Детство Понтия Пилата. Трудный вторник - страница 39
Тут у тебя было множество упражнений, и эти упражнения представляли собой, как я понял, целый комплекс. Сначала мы любовались природой. Ты приводил меня в какое-нибудь красивое место – на берег реки, или в рощу, или на холм над долиной – усаживал так, чтобы передо мной открывалась живописная картина, и заставлял всматриваться в нее, подолгу, без движения, без единого слова. Ты называл это насыщением красотой и объяснял: «Мы трижды в день насыщаем тело едой. Но также и душу надо напитывать. Созерцая красоту, надо утолять жажду духа. Поглощая и как бы втягивая в себя прекрасное, надо, словно едой, напитывать им душу, отращивать и укреплять ее крылья, чтобы в любой момент она могла подняться над грязным и уродливым, воспарить над суетным и изменчивым – к небу, к свету, к свободе и прекрасному одиночеству». (Когда много лет спустя я напомнил тебе о наших детских «мусических упражнениях», ты усмехнулся и возразил, что в двенадцать лет от роду ты не мог так высокопарно и заумно выражаться. Но я точно помню, что ты говорил как истинный философ, и даже еще возвышеннее и художественнее, чем я сейчас пытаюсь передать. Сам ты сочинял эти речи или заимствовал у кого-нибудь – вот этого я не знаю и не берусь утверждать.)
От любования природой мы через некоторое время перешли к созерцанию предметов.

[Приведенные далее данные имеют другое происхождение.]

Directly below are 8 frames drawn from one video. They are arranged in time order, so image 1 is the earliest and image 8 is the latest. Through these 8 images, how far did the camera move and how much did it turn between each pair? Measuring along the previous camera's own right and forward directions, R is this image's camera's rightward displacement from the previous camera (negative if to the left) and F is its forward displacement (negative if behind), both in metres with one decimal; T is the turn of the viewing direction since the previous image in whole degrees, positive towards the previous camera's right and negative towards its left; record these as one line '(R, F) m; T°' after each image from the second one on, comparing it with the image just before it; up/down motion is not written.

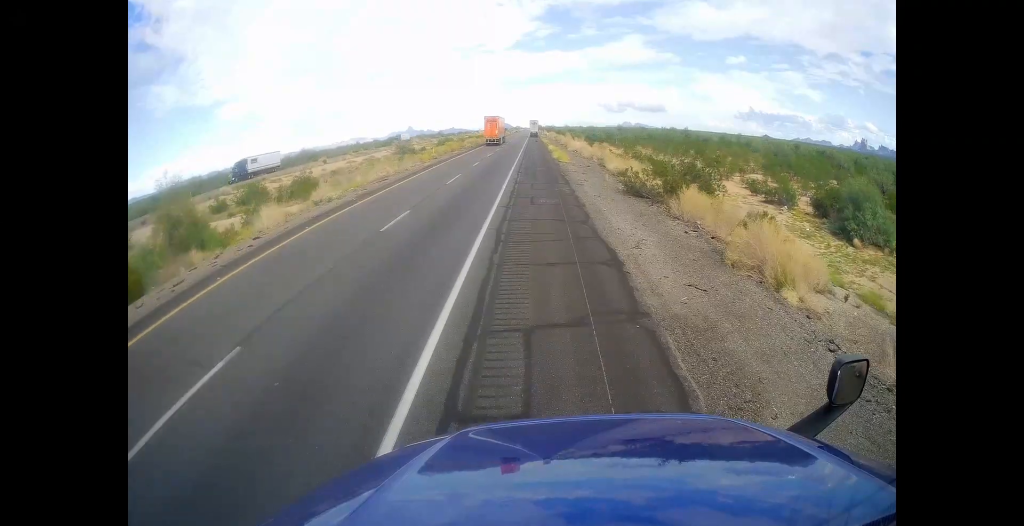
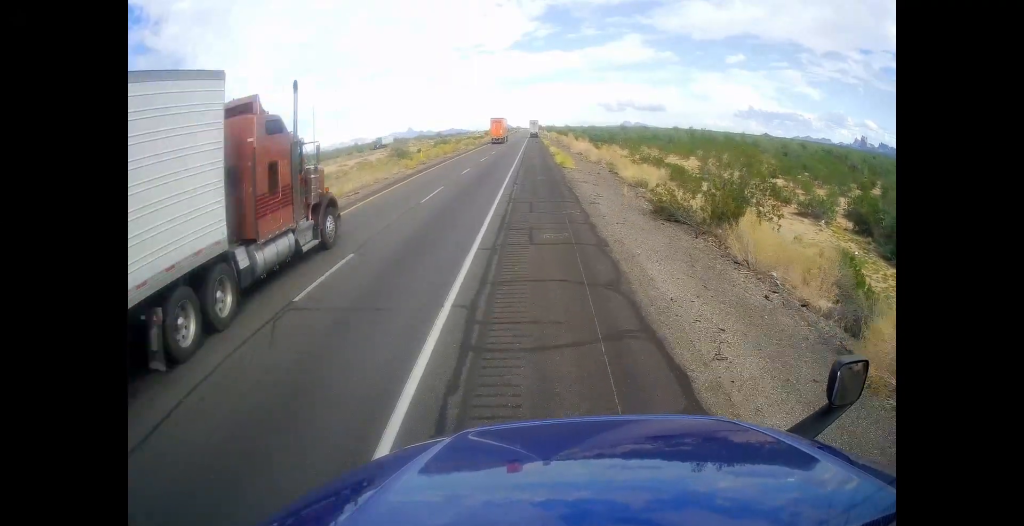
(0.0, +6.3) m; 0°
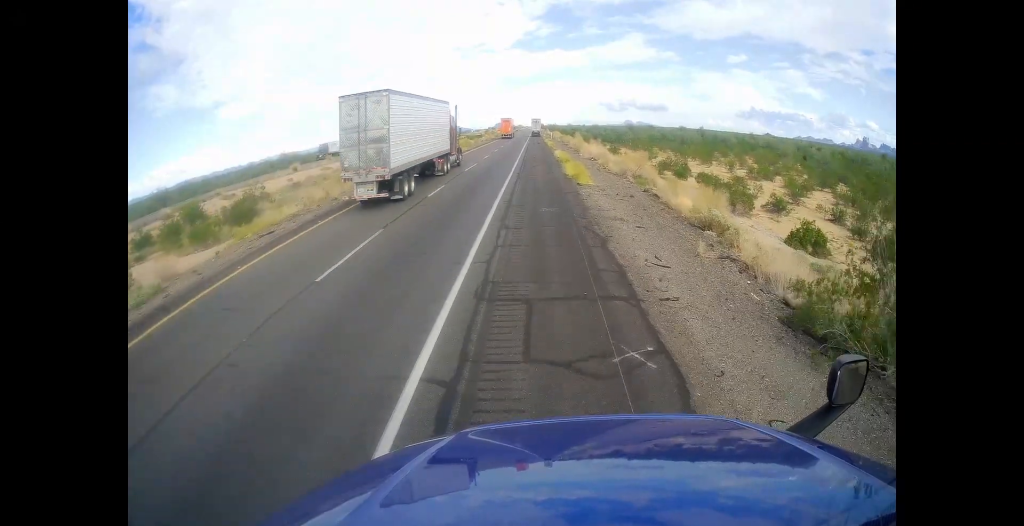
(-0.2, +10.7) m; 0°
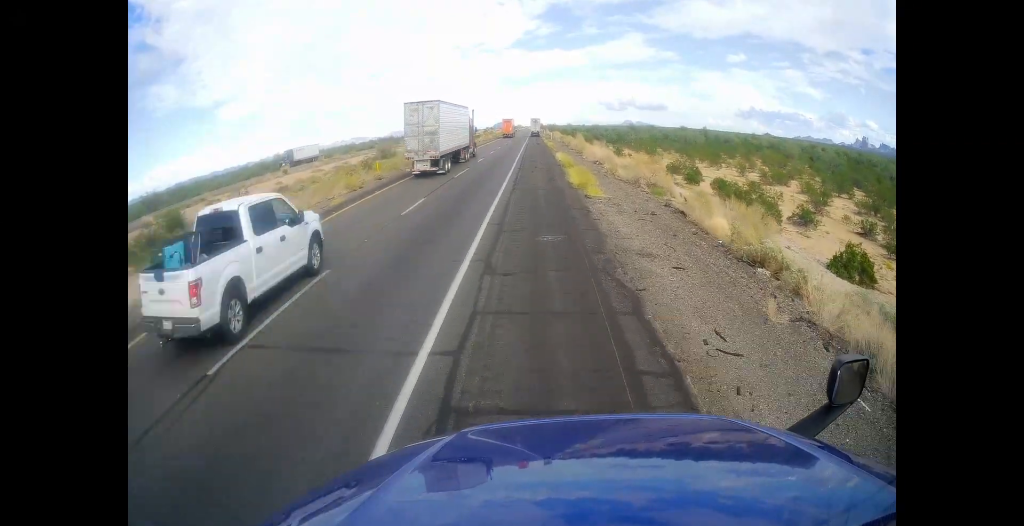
(0.0, +4.1) m; 0°
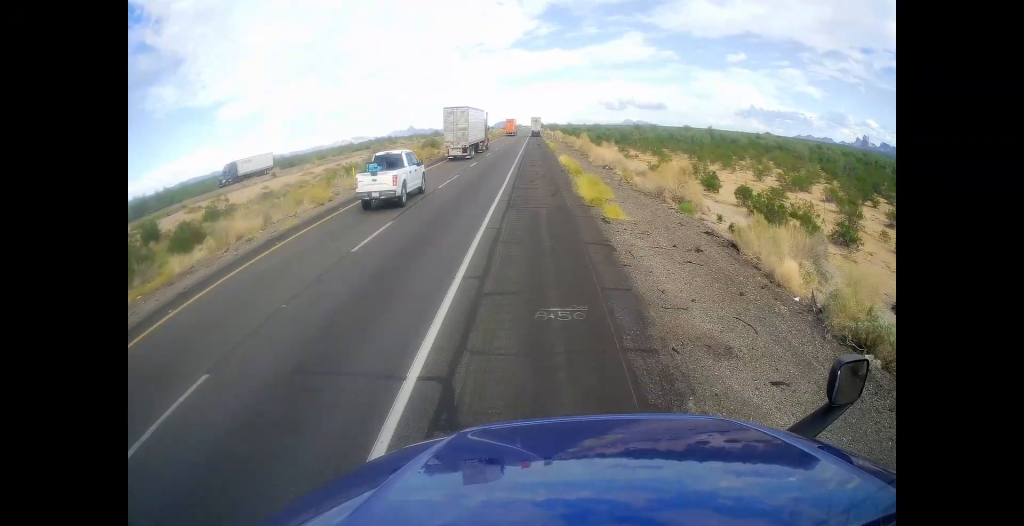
(0.0, +5.2) m; -1°
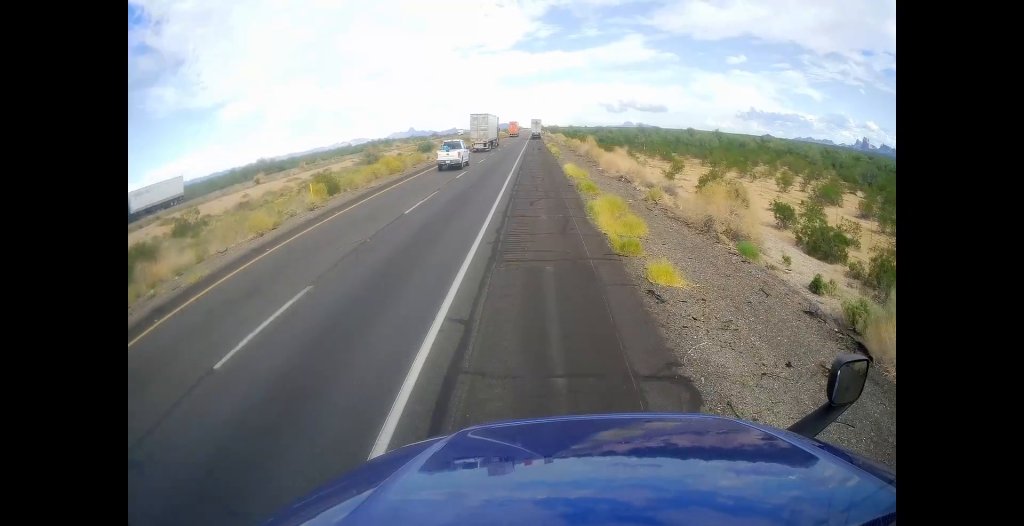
(-0.1, +6.6) m; -1°
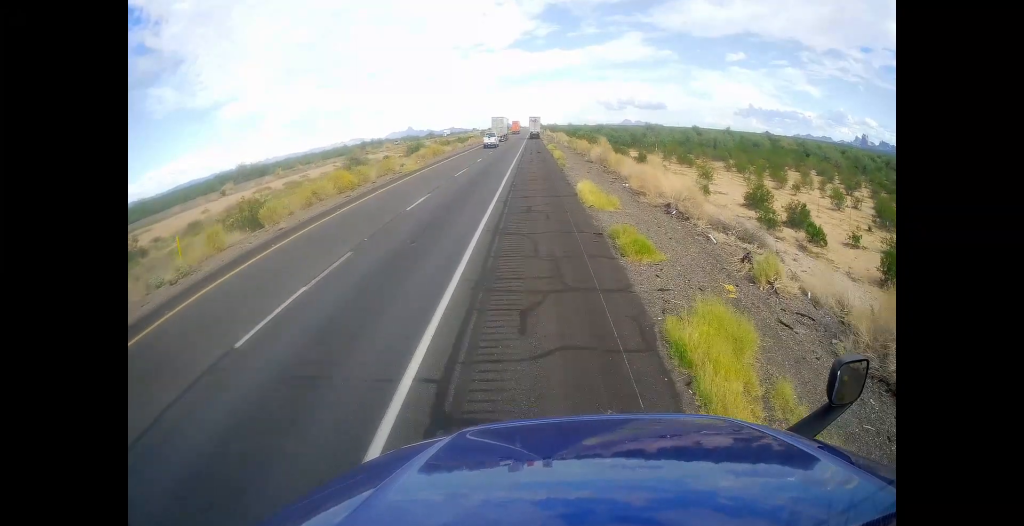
(+0.1, +11.4) m; +1°
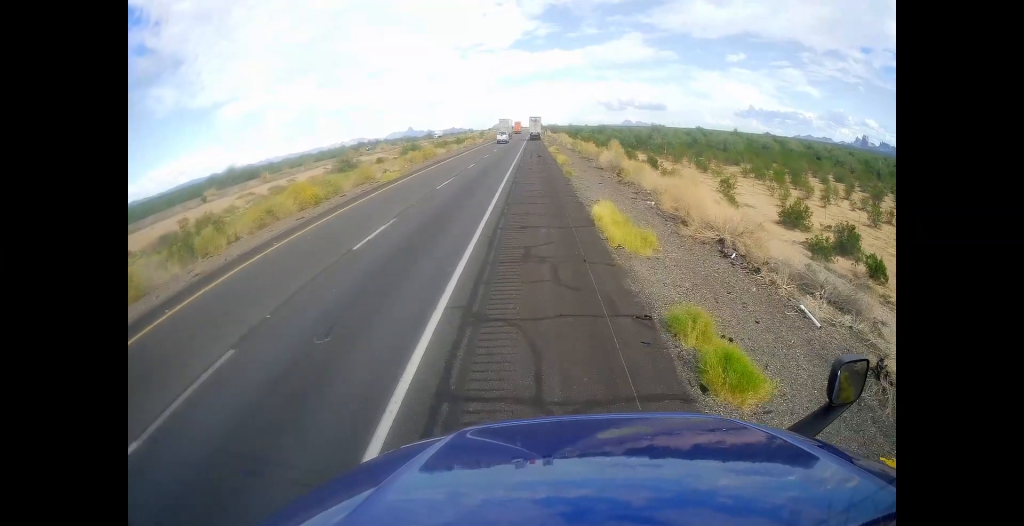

Это называлось прекрасным утончением души. Ты заставлял меня созерцать коринфскую статую, или древний серебряный кратер с украшениями из литого золота, или хрустальную вазу такой тонкой работы, что, казалось, она рассыплется на кусочки, если дотронешься до нее хотя бы кончиками пальцев. Ты говорил: «Мало насыщаться красотой. Надо стать как бы скульптором, или чеканщиком, или ювелиром, и ежедневно, ежечасно совершенствовать и облагораживать душу, придавать ей прекрасную форму, отыскивать и обрабатывать в ней все новые и новые грани… И чем сильнее, суровее и закаленнее становится наше тело, тем нежнее, утонченнее и прозрачнее должна становиться героическая душа». (И это ты тоже говорил, двенадцатилетний Сенека! Клянусь Платоном и его диалогами!)
От созерцания предметов по твоему педагогическому плану мы должны были перейти к наблюдению прекрасных поступков, к восхищению духа по твоей терминологии – самой важной и самой трудной стадии мусического воспитания. Но так и не перешли. Потому что с предыдущими стадиями у меня возникли определенные затруднения.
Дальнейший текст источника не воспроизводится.